*** Opening of SOURCE DATA ***

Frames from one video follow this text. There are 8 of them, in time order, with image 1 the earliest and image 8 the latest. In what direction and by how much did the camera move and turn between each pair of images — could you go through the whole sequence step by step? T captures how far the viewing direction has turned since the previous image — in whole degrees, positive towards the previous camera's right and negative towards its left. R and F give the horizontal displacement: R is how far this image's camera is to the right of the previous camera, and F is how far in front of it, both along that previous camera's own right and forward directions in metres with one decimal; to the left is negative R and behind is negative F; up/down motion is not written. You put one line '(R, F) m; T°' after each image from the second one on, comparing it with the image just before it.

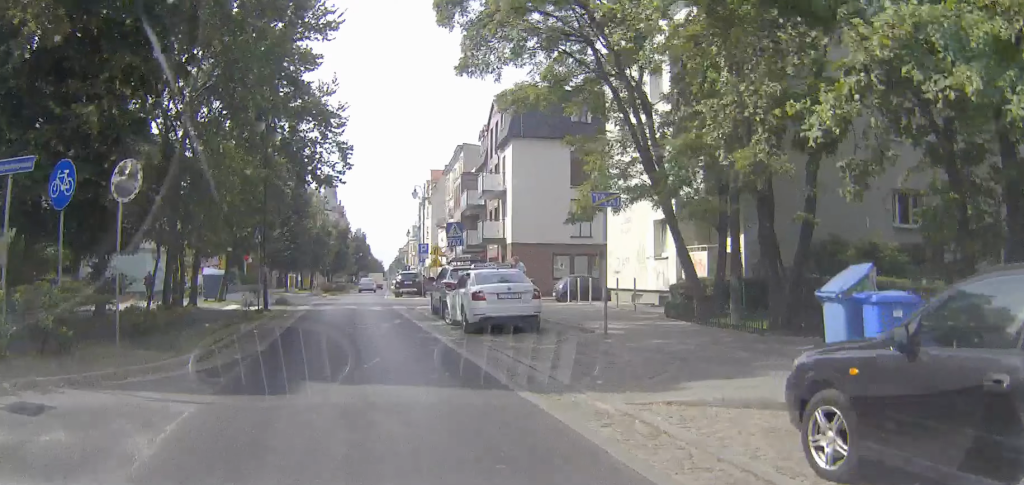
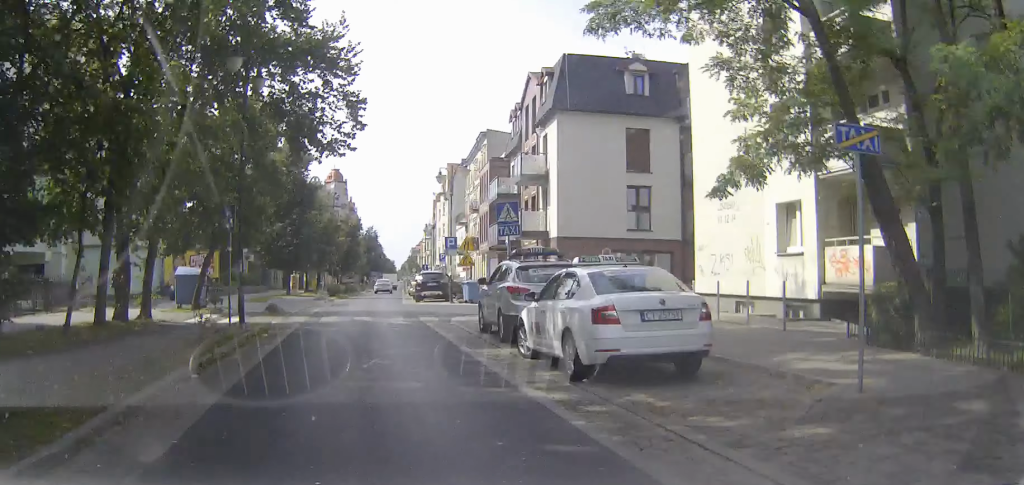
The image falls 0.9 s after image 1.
(-0.1, +8.2) m; 0°
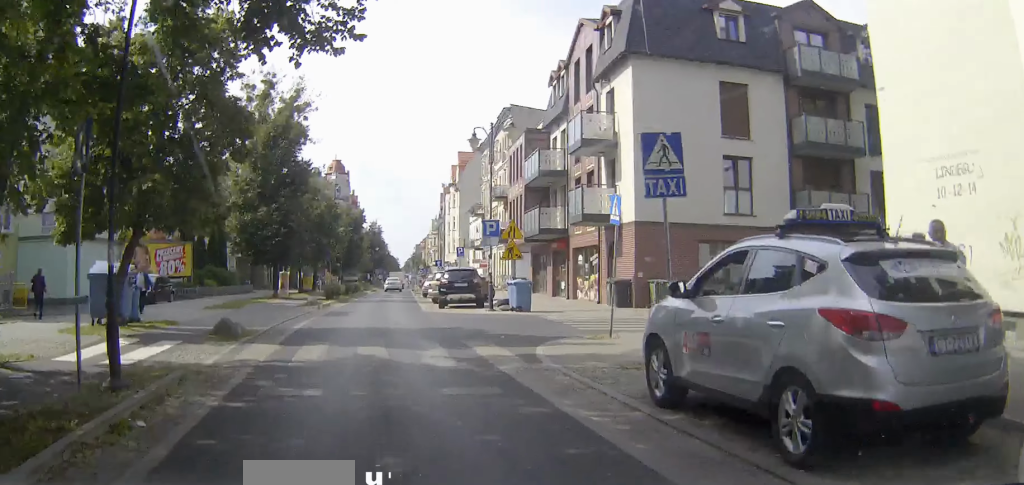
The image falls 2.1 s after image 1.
(+0.1, +11.2) m; +1°
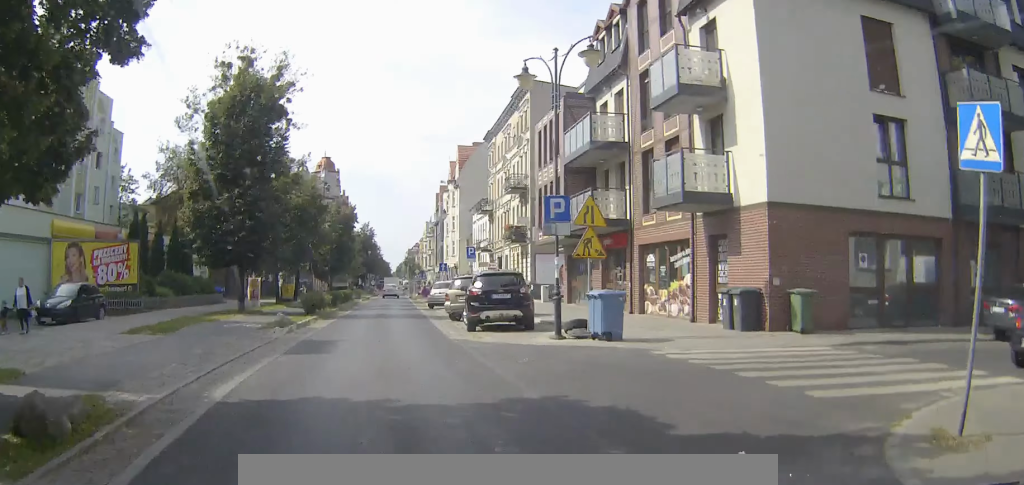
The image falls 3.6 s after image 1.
(+0.1, +11.2) m; 0°
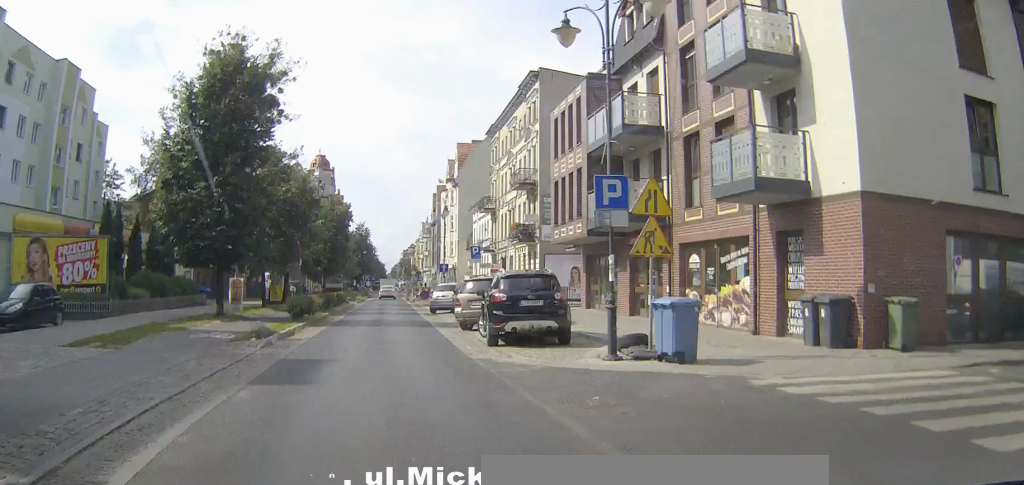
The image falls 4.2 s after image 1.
(0.0, +4.2) m; 0°
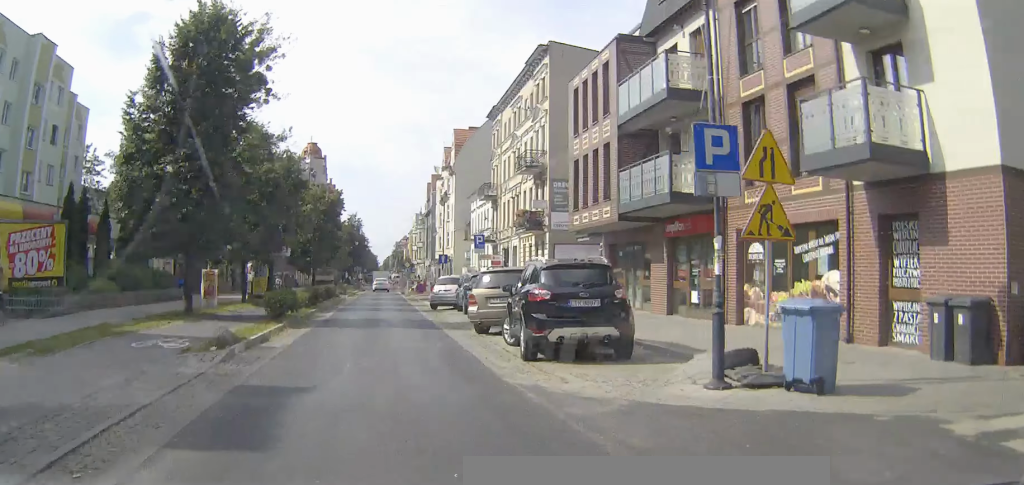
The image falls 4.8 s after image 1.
(0.0, +4.3) m; 0°
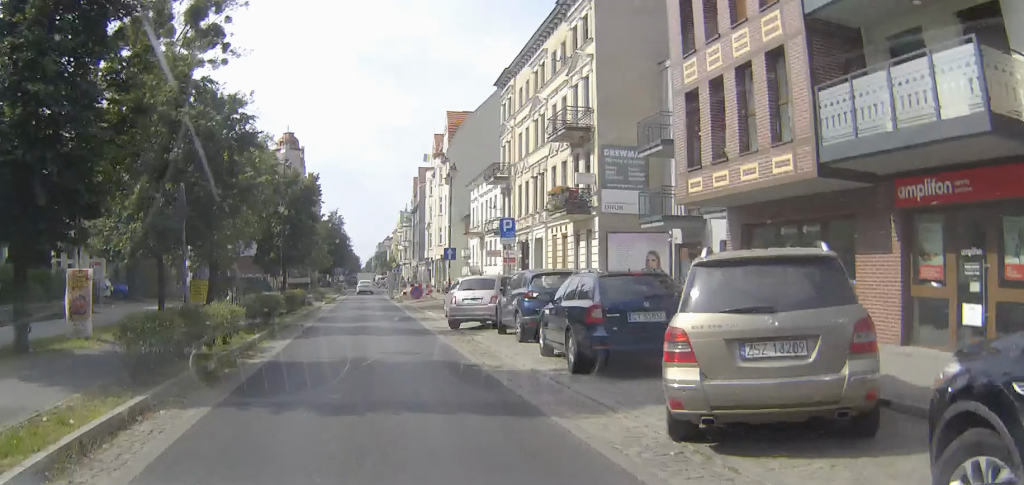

*** Close of SOURCE DATA ***

Exact repetition of all entries is required. The pictures should not appear.

Frames from one video follow this text. There are 8 of them, in time order, with image 1 the earliest and image 8 the latest. In what direction and by how much did the camera move and turn between each pair of images — could you go through the whole sequence step by step? T captures how far the viewing direction has turned since the previous image — in whole degrees, positive towards the previous camera's right and negative towards its left. R and F give the horizontal displacement: R is how far this image's camera is to the right of the previous camera, and F is how far in front of it, both along that previous camera's own right and forward directions in metres with one decimal; to the left is negative R and behind is negative F; up/down motion is not written. You put one line '(R, F) m; T°' after each image from the second one on, comparing it with the image just before it.

The image falls 0.9 s after image 1.
(-0.1, +8.2) m; 0°
The image falls 2.1 s after image 1.
(+0.1, +11.2) m; +1°
The image falls 3.6 s after image 1.
(+0.1, +11.2) m; 0°
The image falls 4.2 s after image 1.
(0.0, +4.2) m; 0°
The image falls 4.8 s after image 1.
(0.0, +4.3) m; 0°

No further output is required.